How 4 KAUST Startups Are Adapting to COVID-19

The on-going COVID-19 crisis has impacted every industry. Startups are among the most affected businesses because of their relative fragility compared to well-established companies. The main reasons startups are losing revenue is due to lost opportunities, hesitant investors, distracted consumers and an uncertain future.

But the impact of COVID-19 is not evenly spread out – and it’s not always negative.

Startup Genome conducted a global survey where they asked startups about their current situation. The findings showed that most startups have lost around 30-40% of their revenue. However, one in ten of the surveyed startups reported a revenue loss of over 80%. These typically included companies in industries such as hospitality and travel. Finally, another 10% of the startups actually saw a growth in revenue as a result of the crisis. Those companies worked in fields such as delivery, entertainment, healthcare, and online services.

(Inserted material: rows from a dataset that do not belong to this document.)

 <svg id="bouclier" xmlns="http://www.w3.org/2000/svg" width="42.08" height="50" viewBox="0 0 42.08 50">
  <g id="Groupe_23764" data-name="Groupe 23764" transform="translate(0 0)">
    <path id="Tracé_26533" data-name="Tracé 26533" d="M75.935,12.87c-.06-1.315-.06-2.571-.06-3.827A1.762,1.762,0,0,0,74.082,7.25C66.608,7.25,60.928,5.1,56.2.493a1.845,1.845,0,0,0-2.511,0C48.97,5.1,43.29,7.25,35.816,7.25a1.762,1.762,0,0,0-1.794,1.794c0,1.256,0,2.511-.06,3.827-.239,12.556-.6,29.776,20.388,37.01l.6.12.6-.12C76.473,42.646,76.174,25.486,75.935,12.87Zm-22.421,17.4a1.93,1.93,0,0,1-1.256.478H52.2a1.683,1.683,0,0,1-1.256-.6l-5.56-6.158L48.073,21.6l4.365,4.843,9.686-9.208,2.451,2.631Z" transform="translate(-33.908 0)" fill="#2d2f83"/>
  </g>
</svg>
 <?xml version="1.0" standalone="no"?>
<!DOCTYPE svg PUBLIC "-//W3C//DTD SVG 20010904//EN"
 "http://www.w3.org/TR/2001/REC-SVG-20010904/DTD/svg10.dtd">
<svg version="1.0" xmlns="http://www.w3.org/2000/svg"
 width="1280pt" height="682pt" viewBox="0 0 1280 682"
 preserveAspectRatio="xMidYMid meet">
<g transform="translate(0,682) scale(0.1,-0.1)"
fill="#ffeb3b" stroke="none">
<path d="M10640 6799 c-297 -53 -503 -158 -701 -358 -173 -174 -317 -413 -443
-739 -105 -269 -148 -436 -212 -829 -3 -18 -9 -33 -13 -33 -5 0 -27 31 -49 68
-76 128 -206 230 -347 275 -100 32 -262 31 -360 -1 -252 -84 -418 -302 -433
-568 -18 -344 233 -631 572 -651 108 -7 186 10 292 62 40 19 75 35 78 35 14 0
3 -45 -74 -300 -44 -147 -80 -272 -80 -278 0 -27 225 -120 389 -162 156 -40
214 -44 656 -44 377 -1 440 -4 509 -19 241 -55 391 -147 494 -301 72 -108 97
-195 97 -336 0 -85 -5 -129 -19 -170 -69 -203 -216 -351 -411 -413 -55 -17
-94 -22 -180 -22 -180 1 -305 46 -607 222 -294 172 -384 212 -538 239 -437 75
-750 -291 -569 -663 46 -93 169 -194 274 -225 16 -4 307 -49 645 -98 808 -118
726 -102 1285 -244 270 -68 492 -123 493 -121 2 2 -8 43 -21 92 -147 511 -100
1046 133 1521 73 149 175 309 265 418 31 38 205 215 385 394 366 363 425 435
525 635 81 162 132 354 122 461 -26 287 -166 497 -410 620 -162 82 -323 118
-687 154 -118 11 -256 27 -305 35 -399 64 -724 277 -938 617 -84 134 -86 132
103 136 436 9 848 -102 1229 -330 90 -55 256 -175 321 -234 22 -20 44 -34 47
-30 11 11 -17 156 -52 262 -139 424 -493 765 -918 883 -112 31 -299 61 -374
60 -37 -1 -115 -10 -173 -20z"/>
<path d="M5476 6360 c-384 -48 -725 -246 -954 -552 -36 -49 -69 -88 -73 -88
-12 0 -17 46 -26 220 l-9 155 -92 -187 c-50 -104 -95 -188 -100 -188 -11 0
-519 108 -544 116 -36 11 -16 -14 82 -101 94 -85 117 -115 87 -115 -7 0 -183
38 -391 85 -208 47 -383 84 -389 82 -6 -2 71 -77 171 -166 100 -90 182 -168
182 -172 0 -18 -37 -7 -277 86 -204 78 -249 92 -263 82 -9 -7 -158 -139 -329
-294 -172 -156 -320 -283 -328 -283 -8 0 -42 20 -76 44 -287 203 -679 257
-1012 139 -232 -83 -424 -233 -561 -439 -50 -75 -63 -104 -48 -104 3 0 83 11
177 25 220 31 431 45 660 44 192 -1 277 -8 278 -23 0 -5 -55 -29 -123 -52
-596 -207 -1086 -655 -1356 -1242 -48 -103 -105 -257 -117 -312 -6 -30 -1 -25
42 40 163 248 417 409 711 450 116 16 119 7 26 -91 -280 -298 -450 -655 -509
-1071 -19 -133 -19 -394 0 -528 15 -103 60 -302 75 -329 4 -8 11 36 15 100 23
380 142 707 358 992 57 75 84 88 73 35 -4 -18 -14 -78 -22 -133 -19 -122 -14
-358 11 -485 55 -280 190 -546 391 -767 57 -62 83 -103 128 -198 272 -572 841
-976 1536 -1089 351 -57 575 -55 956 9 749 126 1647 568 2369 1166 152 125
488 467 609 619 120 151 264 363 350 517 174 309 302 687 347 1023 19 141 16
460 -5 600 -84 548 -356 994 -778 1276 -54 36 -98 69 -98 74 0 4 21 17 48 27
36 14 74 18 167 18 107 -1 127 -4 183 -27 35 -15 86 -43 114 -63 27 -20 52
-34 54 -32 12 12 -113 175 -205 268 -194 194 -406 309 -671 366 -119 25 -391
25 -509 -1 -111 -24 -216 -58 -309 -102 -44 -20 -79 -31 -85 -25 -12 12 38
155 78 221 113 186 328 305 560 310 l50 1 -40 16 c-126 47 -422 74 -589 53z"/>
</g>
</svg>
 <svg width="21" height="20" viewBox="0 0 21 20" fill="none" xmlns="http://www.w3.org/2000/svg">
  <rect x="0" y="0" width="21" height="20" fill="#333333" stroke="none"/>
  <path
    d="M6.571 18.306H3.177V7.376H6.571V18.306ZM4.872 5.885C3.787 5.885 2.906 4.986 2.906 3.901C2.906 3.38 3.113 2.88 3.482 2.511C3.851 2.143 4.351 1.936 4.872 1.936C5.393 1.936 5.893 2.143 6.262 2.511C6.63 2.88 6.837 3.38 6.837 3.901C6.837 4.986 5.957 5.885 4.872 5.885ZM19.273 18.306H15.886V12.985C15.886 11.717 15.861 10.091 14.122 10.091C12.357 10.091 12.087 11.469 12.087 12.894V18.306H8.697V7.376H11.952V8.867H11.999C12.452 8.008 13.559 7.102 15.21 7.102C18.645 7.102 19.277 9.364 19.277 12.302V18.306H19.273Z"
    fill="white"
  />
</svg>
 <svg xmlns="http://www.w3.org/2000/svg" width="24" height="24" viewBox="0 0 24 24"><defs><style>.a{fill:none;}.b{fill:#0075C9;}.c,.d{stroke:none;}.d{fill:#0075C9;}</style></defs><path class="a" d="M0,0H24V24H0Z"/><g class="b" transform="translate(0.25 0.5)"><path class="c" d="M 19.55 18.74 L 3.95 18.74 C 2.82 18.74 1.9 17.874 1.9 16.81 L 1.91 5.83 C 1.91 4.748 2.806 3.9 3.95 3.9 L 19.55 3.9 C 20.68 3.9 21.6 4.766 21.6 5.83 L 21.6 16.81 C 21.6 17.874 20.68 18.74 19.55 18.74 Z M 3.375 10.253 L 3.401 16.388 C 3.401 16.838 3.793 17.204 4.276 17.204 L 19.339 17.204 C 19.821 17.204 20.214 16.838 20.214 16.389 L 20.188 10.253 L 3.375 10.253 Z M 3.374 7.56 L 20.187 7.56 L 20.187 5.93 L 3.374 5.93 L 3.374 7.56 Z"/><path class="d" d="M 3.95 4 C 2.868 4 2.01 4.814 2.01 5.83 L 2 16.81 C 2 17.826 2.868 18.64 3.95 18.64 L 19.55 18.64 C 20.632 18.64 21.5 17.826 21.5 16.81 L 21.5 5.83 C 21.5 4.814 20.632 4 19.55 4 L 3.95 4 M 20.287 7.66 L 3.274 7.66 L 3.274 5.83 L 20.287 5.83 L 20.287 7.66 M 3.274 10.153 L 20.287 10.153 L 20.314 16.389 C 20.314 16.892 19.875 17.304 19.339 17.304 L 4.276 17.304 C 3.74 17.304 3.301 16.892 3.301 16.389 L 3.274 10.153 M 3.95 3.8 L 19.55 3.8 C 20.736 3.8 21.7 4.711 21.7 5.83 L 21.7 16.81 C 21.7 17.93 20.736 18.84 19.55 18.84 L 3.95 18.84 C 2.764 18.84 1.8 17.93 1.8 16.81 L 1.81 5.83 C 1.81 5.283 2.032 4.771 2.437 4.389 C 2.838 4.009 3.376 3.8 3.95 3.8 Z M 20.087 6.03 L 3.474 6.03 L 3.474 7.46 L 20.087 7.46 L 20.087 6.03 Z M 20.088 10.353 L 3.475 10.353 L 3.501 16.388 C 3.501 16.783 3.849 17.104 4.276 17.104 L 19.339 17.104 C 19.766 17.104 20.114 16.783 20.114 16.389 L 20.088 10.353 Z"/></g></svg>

I decided to interview a handful of KAUST startups in different technology-based industries to understand their unique challenges and how they are currently coping with the crisis. Their main concerns generally had to do with funding. At the same time, they all showed exceptional leadership and flexibility when opportunities to pivot presented themselves.


Wayakit is a biotechnology startup that recognized an immediate business opportunity in  cleaning products as the virus started making headlines in January. Founded in 2018, the startup produces the world’s first compact, all-natural stain and odor removal spray.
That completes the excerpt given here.